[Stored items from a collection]
=== Begin Enclosure ===
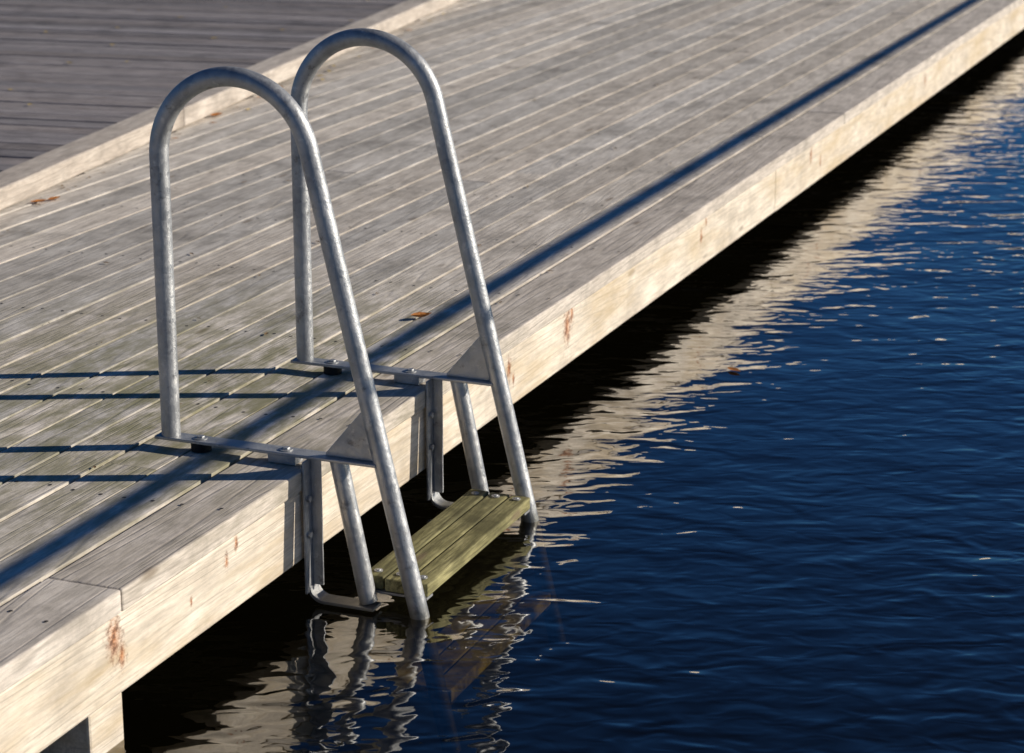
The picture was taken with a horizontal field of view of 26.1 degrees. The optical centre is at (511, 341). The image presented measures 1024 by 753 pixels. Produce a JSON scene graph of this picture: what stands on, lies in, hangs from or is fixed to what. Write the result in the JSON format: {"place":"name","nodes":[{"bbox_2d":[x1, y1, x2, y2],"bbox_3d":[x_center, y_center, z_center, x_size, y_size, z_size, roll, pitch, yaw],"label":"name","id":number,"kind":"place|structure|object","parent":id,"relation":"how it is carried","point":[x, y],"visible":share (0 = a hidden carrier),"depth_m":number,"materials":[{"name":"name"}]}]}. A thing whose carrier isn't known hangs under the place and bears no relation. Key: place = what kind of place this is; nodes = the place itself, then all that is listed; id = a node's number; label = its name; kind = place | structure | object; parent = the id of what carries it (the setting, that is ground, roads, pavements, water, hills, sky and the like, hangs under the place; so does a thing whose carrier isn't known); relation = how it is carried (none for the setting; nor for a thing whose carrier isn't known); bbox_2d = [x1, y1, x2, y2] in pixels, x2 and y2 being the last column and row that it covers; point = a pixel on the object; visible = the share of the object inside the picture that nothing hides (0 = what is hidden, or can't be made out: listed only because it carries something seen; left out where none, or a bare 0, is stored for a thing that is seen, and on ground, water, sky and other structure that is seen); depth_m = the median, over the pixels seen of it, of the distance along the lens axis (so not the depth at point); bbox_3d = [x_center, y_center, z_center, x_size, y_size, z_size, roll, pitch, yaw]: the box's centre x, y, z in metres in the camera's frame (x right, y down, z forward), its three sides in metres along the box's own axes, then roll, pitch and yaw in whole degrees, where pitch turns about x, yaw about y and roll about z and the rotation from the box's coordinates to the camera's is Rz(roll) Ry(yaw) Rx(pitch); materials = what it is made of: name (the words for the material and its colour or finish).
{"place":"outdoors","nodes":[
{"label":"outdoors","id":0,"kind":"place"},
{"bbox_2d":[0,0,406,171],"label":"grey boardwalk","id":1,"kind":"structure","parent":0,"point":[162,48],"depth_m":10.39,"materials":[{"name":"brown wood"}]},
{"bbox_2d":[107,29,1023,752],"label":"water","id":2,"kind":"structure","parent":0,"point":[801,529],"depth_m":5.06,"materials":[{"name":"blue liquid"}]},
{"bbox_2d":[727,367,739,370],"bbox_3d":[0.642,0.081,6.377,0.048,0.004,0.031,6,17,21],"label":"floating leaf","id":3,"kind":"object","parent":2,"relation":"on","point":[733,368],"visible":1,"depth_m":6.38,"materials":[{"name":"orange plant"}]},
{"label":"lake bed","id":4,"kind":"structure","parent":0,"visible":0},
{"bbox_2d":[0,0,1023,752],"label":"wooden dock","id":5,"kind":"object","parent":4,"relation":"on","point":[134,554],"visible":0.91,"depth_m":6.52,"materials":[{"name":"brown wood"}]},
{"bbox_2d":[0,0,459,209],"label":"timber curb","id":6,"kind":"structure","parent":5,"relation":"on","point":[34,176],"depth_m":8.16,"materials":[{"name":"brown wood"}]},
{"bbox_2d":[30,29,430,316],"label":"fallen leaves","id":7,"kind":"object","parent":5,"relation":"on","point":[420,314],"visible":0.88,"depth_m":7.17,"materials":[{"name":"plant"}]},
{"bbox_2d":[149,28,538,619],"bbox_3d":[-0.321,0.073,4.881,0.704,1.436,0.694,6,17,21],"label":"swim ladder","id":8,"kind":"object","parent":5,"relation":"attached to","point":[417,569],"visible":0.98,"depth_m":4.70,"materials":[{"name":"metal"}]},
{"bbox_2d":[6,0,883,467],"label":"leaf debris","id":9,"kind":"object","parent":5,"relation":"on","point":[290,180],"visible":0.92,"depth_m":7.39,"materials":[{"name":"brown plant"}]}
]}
=== End Enclosure ===
▸ Task:
Could you set down every entry again exactly as written, leaving out any pictures?

▸ Solution to the exercise:
The picture was taken with a horizontal field of view of 26.1 degrees. The optical centre is at (511, 341). The image presented measures 1024 by 753 pixels. Produce a JSON scene graph of this picture: what stands on, lies in, hangs from or is fixed to what. Write the result in the JSON format: {"place":"name","nodes":[{"bbox_2d":[x1, y1, x2, y2],"bbox_3d":[x_center, y_center, z_center, x_size, y_size, z_size, roll, pitch, yaw],"label":"name","id":number,"kind":"place|structure|object","parent":id,"relation":"how it is carried","point":[x, y],"visible":share (0 = a hidden carrier),"depth_m":number,"materials":[{"name":"name"}]}]}. A thing whose carrier isn't known hangs under the place and bears no relation. Key: place = what kind of place this is; nodes = the place itself, then all that is listed; id = a node's number; label = its name; kind = place | structure | object; parent = the id of what carries it (the setting, that is ground, roads, pavements, water, hills, sky and the like, hangs under the place; so does a thing whose carrier isn't known); relation = how it is carried (none for the setting; nor for a thing whose carrier isn't known); bbox_2d = [x1, y1, x2, y2] in pixels, x2 and y2 being the last column and row that it covers; point = a pixel on the object; visible = the share of the object inside the picture that nothing hides (0 = what is hidden, or can't be made out: listed only because it carries something seen; left out where none, or a bare 0, is stored for a thing that is seen, and on ground, water, sky and other structure that is seen); depth_m = the median, over the pixels seen of it, of the distance along the lens axis (so not the depth at point); bbox_3d = [x_center, y_center, z_center, x_size, y_size, z_size, roll, pitch, yaw]: the box's centre x, y, z in metres in the camera's frame (x right, y down, z forward), its three sides in metres along the box's own axes, then roll, pitch and yaw in whole degrees, where pitch turns about x, yaw about y and roll about z and the rotation from the box's coordinates to the camera's is Rz(roll) Ry(yaw) Rx(pitch); materials = what it is made of: name (the words for the material and its colour or finish).
{"place":"outdoors","nodes":[
{"label":"outdoors","id":0,"kind":"place"},
{"bbox_2d":[0,0,406,171],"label":"grey boardwalk","id":1,"kind":"structure","parent":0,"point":[162,48],"depth_m":10.39,"materials":[{"name":"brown wood"}]},
{"bbox_2d":[107,29,1023,752],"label":"water","id":2,"kind":"structure","parent":0,"point":[801,529],"depth_m":5.06,"materials":[{"name":"blue liquid"}]},
{"bbox_2d":[727,367,739,370],"bbox_3d":[0.642,0.081,6.377,0.048,0.004,0.031,6,17,21],"label":"floating leaf","id":3,"kind":"object","parent":2,"relation":"on","point":[733,368],"visible":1,"depth_m":6.38,"materials":[{"name":"orange plant"}]},
{"label":"lake bed","id":4,"kind":"structure","parent":0,"visible":0},
{"bbox_2d":[0,0,1023,752],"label":"wooden dock","id":5,"kind":"object","parent":4,"relation":"on","point":[134,554],"visible":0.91,"depth_m":6.52,"materials":[{"name":"brown wood"}]},
{"bbox_2d":[0,0,459,209],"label":"timber curb","id":6,"kind":"structure","parent":5,"relation":"on","point":[34,176],"depth_m":8.16,"materials":[{"name":"brown wood"}]},
{"bbox_2d":[30,29,430,316],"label":"fallen leaves","id":7,"kind":"object","parent":5,"relation":"on","point":[420,314],"visible":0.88,"depth_m":7.17,"materials":[{"name":"plant"}]},
{"bbox_2d":[149,28,538,619],"bbox_3d":[-0.321,0.073,4.881,0.704,1.436,0.694,6,17,21],"label":"swim ladder","id":8,"kind":"object","parent":5,"relation":"attached to","point":[417,569],"visible":0.98,"depth_m":4.70,"materials":[{"name":"metal"}]},
{"bbox_2d":[6,0,883,467],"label":"leaf debris","id":9,"kind":"object","parent":5,"relation":"on","point":[290,180],"visible":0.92,"depth_m":7.39,"materials":[{"name":"brown plant"}]}
]}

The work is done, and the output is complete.